EXERCISE GOAL:
Output the line containing "LaTeX: \| \mathbf" and each line after it through the end of the data, exactly as written, with pictures left out.

DATA PROVIDED:
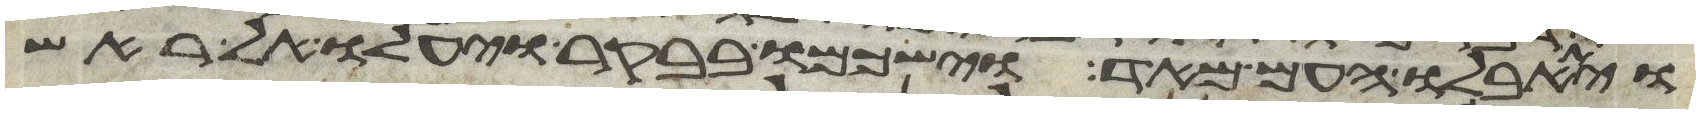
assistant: ויתאבלו העם מאד וישכמו בבקר ויעלו אל ראש
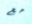
مع
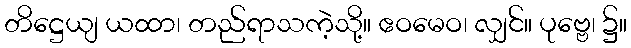
တိဋ္ဌေယျ ယထာ၊ တည်ရာသကဲ့သို့။ ဧဝမေဝ၊ လျှင်။ ပုဗ္ဗေ၊ ၌။
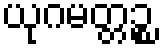
ယုဂမတ္တဉ္စ
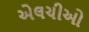
એલચીઓ
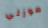
موزلي
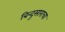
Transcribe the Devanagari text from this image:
बिन्दुसाराचा
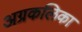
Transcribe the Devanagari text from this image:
अग्रकलिका
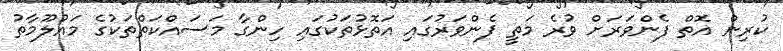
ކުރިން އޮތް ފެންވަރަށް ވުރެ މަތީ ފެންވަރުގައި އަތޮޅުތަކުގައި ހިންގާ މަސައްކަތްތަކުގެ މައުލޫމާތު
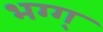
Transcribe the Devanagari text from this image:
भग्ग्
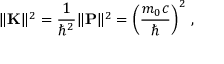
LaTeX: \| \mathbf { K } \| ^ { 2 } = { \frac { 1 } { \hbar ^ { 2 } } } \| \mathbf { P } \| ^ { 2 } = \left( { \frac { m _ { 0 } c } { \hbar } } \right) ^ { 2 } \, ,
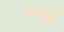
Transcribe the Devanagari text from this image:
माकनी
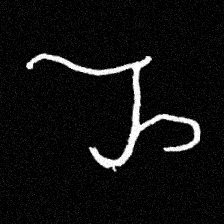
Pyu character \u2014 Myanmar letter: ည (romanized: nya)
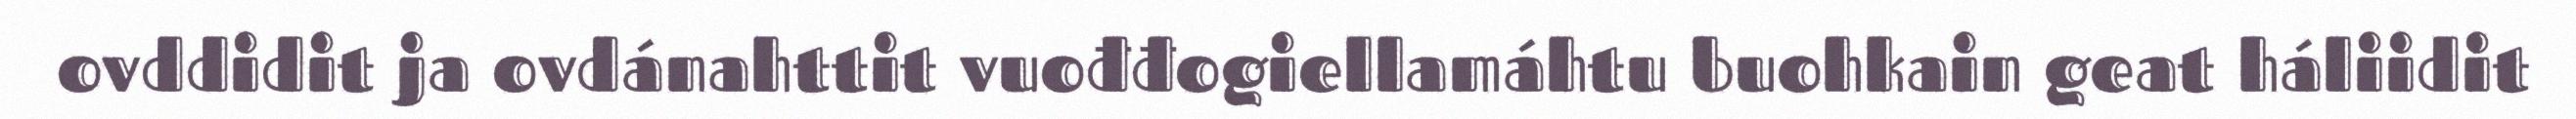
ovddidit ja ovdánahttit vuođđogiellamáhtu buohkain geat háliidit
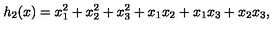
h _ { 2 } ( x ) = x _ { 1 } ^ { 2 } + x _ { 2 } ^ { 2 } + x _ { 3 } ^ { 2 } + x _ { 1 } x _ { 2 } + x _ { 1 } x _ { 3 } + x _ { 2 } x _ { 3 } ,
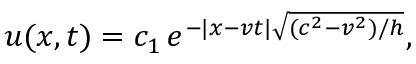
u ( x , t ) = c _ { 1 } \, e ^ { - \lvert x - v t \rvert \sqrt { ( c ^ { 2 } - v ^ { 2 } ) / h } } ,

EXERCISE RESULT:
LaTeX: \| \mathbf { K } \| ^ { 2 } = { \frac { 1 } { \hbar ^ { 2 } } } \| \mathbf { P } \| ^ { 2 } = \left( { \frac { m _ { 0 } c } { \hbar } } \right) ^ { 2 } \, ,
Transcribe the Devanagari text from this image:
माकनी
Pyu character \u2014 Myanmar letter: ည (romanized: nya)
ovddidit ja ovdánahttit vuođđogiellamáhtu buohkain geat háliidit
h _ { 2 } ( x ) = x _ { 1 } ^ { 2 } + x _ { 2 } ^ { 2 } + x _ { 3 } ^ { 2 } + x _ { 1 } x _ { 2 } + x _ { 1 } x _ { 3 } + x _ { 2 } x _ { 3 } ,
u ( x , t ) = c _ { 1 } \, e ^ { - \lvert x - v t \rvert \sqrt { ( c ^ { 2 } - v ^ { 2 } ) / h } } ,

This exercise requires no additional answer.